É necessário um material de folha de base transparente resistente a UV ou uma camada adicional de vidro solar para permitir que a luz brilhe na parte traseira de uma célula bifacial. Na maioria dos casos, como mostrado na Fig. 4, os fabricantes optam por um pacote de vidro sobre vidro que geralmente melhora a durabilidade do campo em comparação com as opções de vidro sobre filme. O pacote de vidro sobre vidro é mais rígido, o que reduz o estresse mecânico nas células durante o transporte, manuseio e instalação, bem como o estresse devido a condições ambientais, como vento ou neve. A configuração também é menos permeável à água, o que pode reduzir as taxas anuais de degradação. Módulos bifaciais são sem moldura. A eliminação da estrutura de alumínio reduz efetivamente as oportunidades de degradação induzida por potencial (PID) [3].
Fig. 3: A diferença entre células fotovoltaicas mono-faciais e bifacetárias.
A montagem de vidro duplo (DG) possui várias vantagens:
· Redução no microfissuramento, delaminação e corrosão por umidade.
· Baixa temperatura da célula
· Nenhuma degradação induzida por potencial, já que não há estrutura metálica que exija aterramento.
· Menor taxa de degradação
· Maior classificação à prova de fogo.
· Maior resistência mecânica e menos flexão.
Produtos de mercado
A Tabela 3 lista alguns dos sistemas BF disponíveis no mercado no momento, com suas características.
Tabela 3: Características do módulo fotovoltaico solar BF | ||||
produtos | Tipo | Avaliação (Wp) | Eficiência com ganho zero de BF (%) | Eficiência a 30% de ganho de GC (%) |
Jinko solar Eagle Dual 72 | Policristalino | 315 | 16,13 | 20,969 |
BiKu Solar Canadense | Policristalino | 350 | 17,54 | 22,8 |
JA solar JAN60D00 | Monocristalino | 290 | 17,3 | 22,49 |
Trina solar Duomax | Monocristalino | 285 | 17,2 | 22,36 |
Yingli Panda 144HCF | Monocristalino | 360 | 17,6 | 22,88 |
Parâmetros de desempenho
Vários parâmetros são usados na indústria para descrever as características dos módulos solares BF.
Fator de bifacialidade
Essa é a relação entre as eficiências do lado traseiro e do lado frontal, ou a relação entre a potência dianteira e a traseira medida em condições de teste padrão.
Ganho bifacial
Esta é a potência adicional obtida na parte de trás do módulo em comparação com a potência da frente do módulo em condições de teste padrão.

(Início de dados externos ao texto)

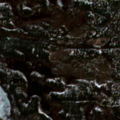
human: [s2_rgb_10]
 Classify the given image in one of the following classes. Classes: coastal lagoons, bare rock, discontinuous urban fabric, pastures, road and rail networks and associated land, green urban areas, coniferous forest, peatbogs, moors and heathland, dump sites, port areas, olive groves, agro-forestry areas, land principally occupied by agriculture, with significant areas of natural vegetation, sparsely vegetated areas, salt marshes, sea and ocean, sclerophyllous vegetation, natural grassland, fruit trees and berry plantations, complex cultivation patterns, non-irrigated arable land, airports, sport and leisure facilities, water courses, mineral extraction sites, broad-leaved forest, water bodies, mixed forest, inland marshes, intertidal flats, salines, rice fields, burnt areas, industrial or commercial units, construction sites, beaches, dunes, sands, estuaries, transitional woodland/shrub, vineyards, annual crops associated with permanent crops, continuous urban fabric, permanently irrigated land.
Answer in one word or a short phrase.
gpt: coniferous forest, mixed forest, transitional woodland/shrub, peatbogs
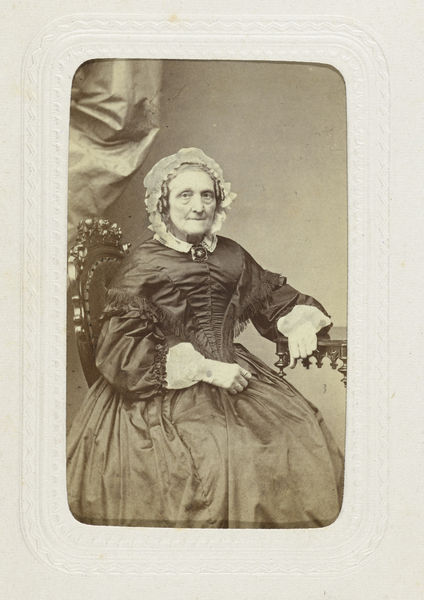
Titel: Studioportret van een oudere dame gekleed in een zwarte pofjurk
Künstler: Franz Wilhelm Deutmann
Standort: Amsterdam
Institution: Rijksmuseum
Schlagwörter: braun, frau, hut, kleid, stuhl, tisch, dame, haube, alt, kappe, falten, holzstuhl, portrait, porträt, gardine, foto, holzmöbel
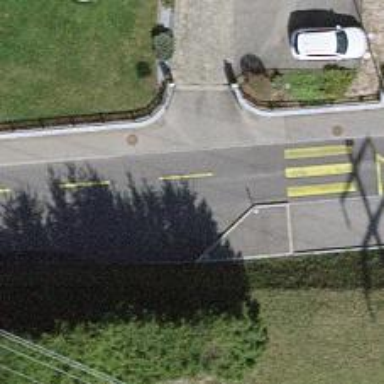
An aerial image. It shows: Tertiary road with cycle lane on the left and sidewalk.
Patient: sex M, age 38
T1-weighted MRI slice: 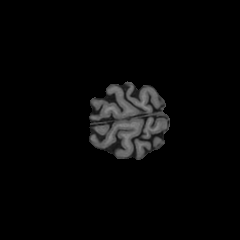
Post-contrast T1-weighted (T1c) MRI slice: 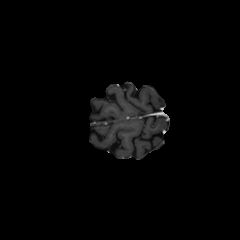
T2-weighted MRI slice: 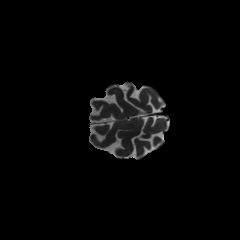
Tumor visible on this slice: no
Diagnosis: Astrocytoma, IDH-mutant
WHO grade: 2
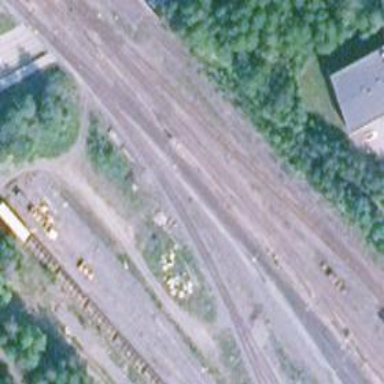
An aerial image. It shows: Rail yard with electrified contact lines for railway operations.
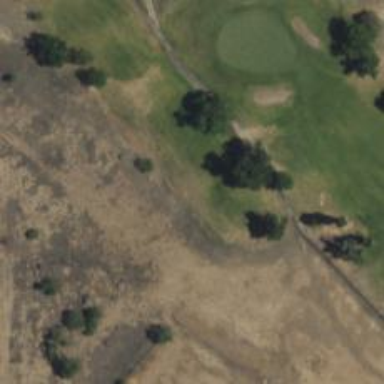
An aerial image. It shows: Golf tee.
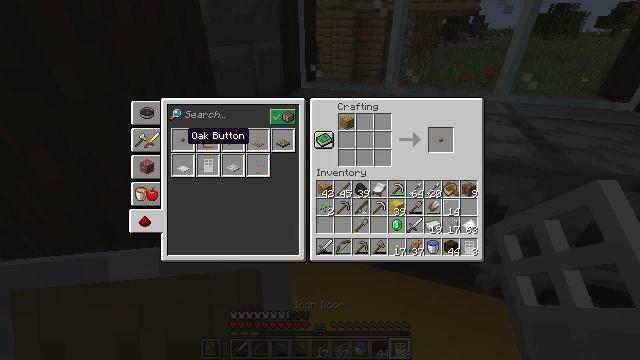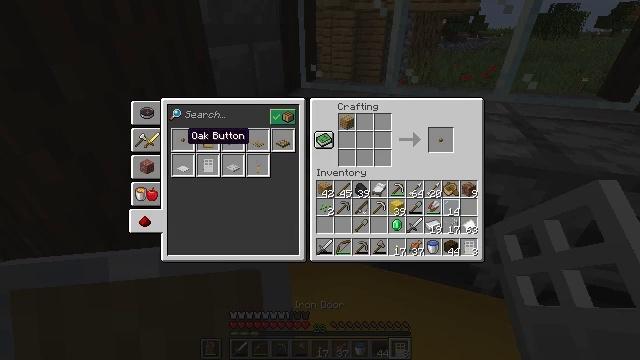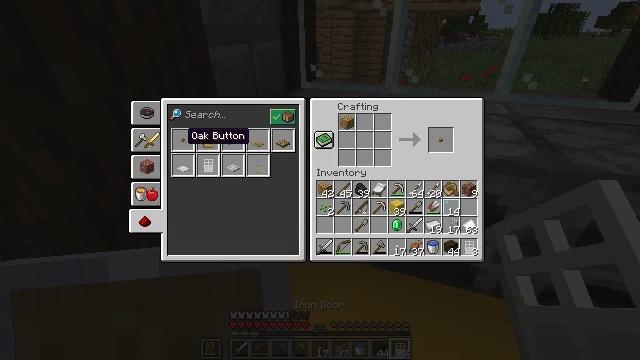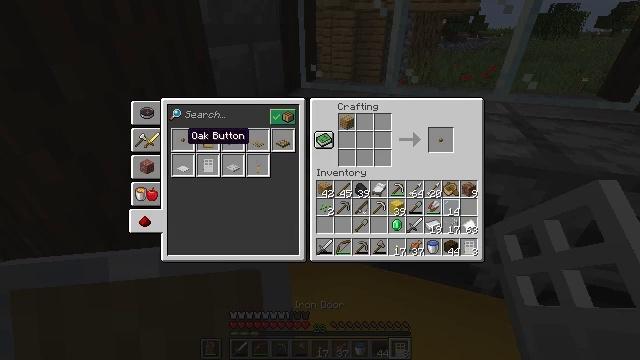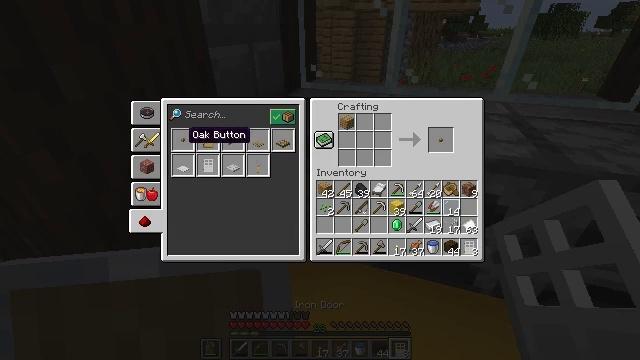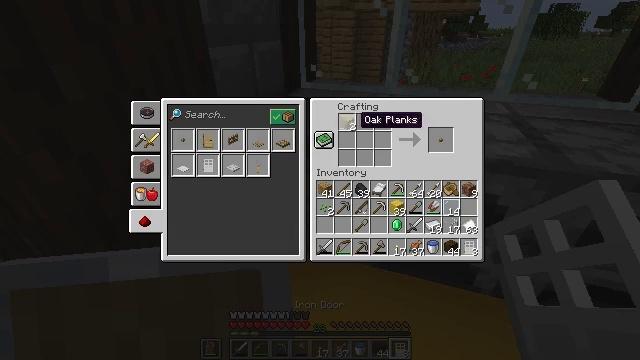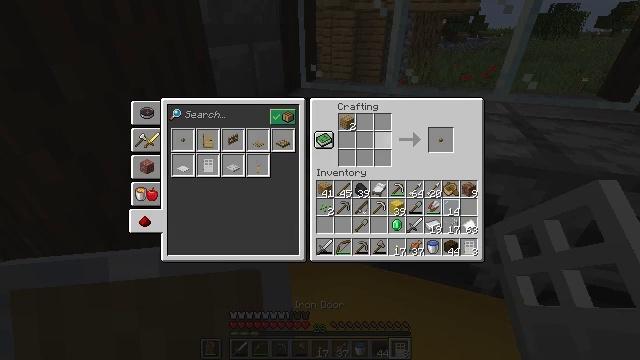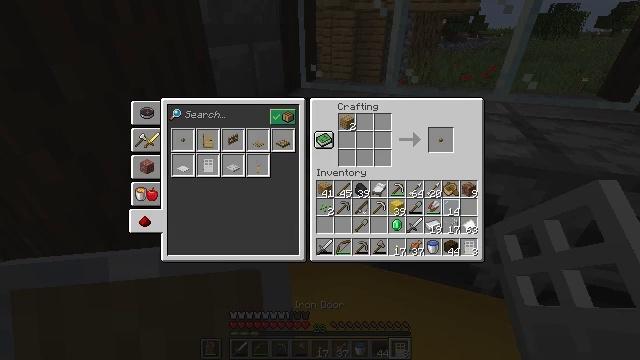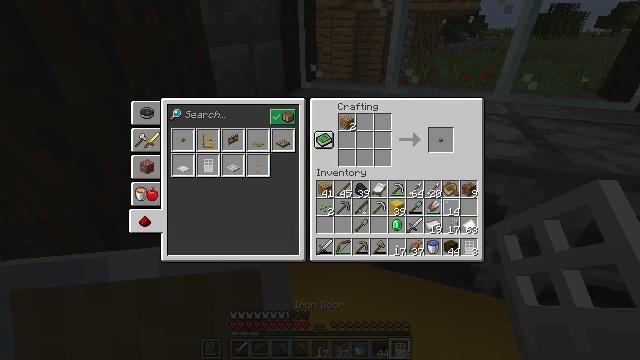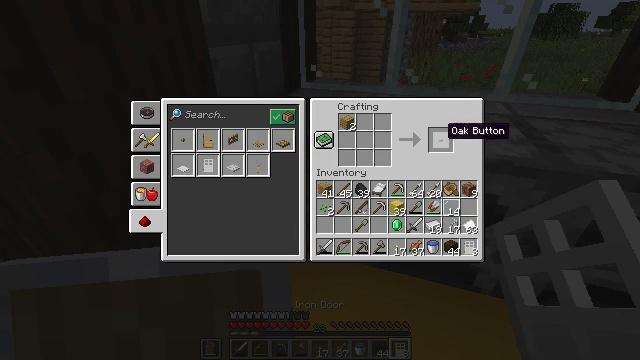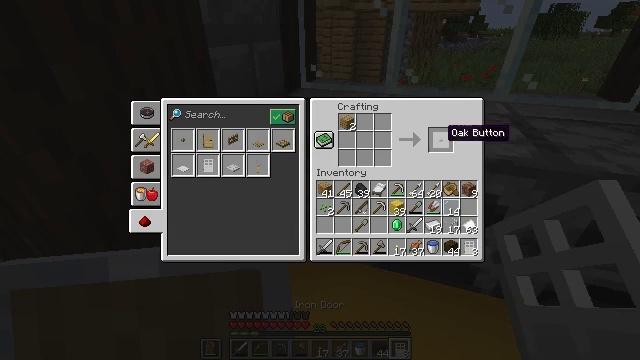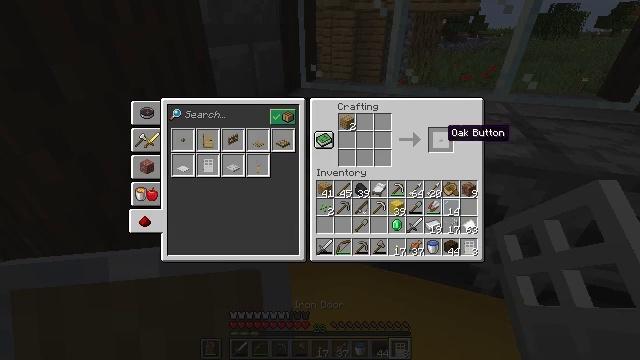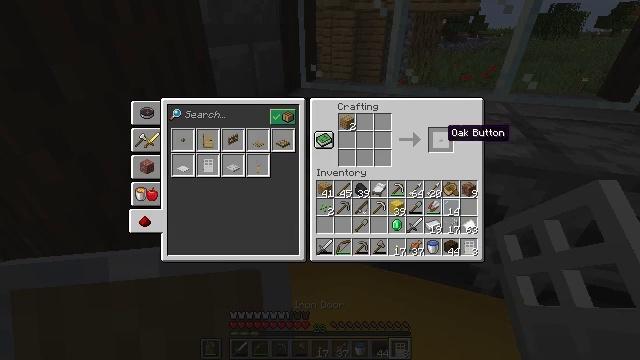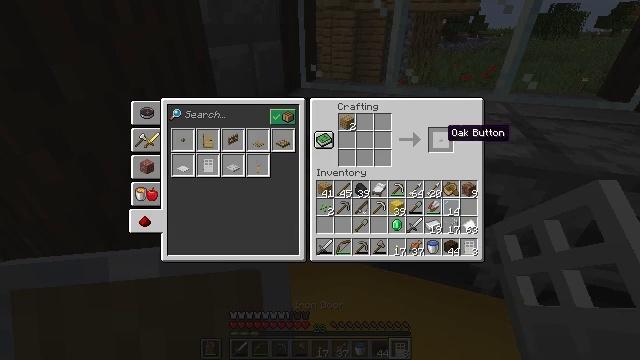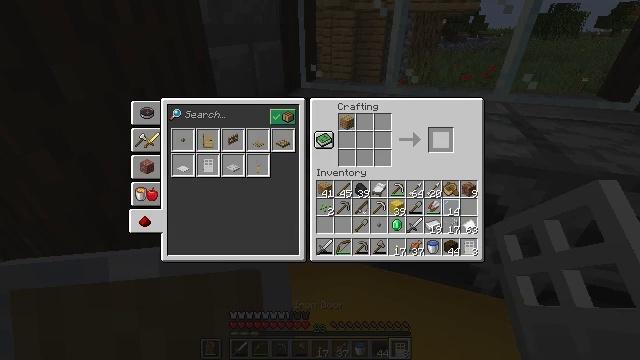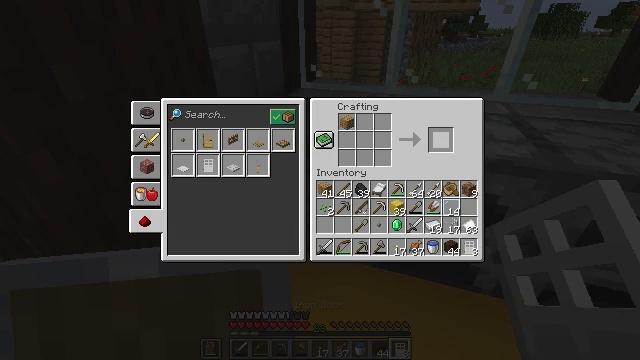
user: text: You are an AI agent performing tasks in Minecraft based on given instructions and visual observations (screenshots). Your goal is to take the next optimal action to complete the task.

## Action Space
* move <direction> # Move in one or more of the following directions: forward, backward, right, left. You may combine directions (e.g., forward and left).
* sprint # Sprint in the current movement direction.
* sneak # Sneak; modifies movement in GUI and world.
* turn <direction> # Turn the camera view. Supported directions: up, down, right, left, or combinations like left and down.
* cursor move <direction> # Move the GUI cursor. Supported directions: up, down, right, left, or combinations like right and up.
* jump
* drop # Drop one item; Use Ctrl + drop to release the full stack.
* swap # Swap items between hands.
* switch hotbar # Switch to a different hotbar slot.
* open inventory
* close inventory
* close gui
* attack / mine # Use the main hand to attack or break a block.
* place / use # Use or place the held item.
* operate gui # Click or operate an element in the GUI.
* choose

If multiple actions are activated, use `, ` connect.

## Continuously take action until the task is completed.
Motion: motion action
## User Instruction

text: Turn an oak plank into an oak button.
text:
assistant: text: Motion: no_op
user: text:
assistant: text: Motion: no_op
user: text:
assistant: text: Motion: no_op
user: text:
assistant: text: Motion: no_op
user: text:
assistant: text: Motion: cursor move right and up
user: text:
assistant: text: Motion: cursor move right and down
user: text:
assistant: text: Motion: cursor move right
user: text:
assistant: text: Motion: cursor move right
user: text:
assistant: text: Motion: sneak, cursor move right
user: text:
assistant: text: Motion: sneak
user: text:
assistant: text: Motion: sneak
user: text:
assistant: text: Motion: sneak
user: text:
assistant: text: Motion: sneak
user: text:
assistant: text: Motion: sneak, operate gui
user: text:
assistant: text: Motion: sneak, operate gui
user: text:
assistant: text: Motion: sneak
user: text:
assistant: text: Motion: sneak
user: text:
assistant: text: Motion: sneak
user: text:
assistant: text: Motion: sneak

O ganho bifacial depende da montagem (estrutura, altura, ângulo de inclinação e outros) e do albedo da superfície do solo.
Fig. 4: Construção de um módulo BF de vidro duplo.
Ganho bifacial = ( 𝑌𝐵𝑖 - 𝑌 ) / 𝑌𝑀𝑜
Onde:
YB i = A potência do módulo BF.
YM o = A energia de um módulo MF sob as mesmas condições.
Albedo
Essa é a proporção de luz refletida de uma superfície para a luz incidente e varia de acordo com os diferentes tipos de superfície.
Fig. 5: Efeito da altura no ganho de BF. Albedo 80%, linha de inclinação 2,5 m [4].
Relação de cobertura do solo
Esta é a relação entre a área do solo coberta pelos módulos fotovoltaicos e a área total do solo ocupada pela instalação. Essa relação afeta a luz refletida e pode influenciar o desempenho do painel BF.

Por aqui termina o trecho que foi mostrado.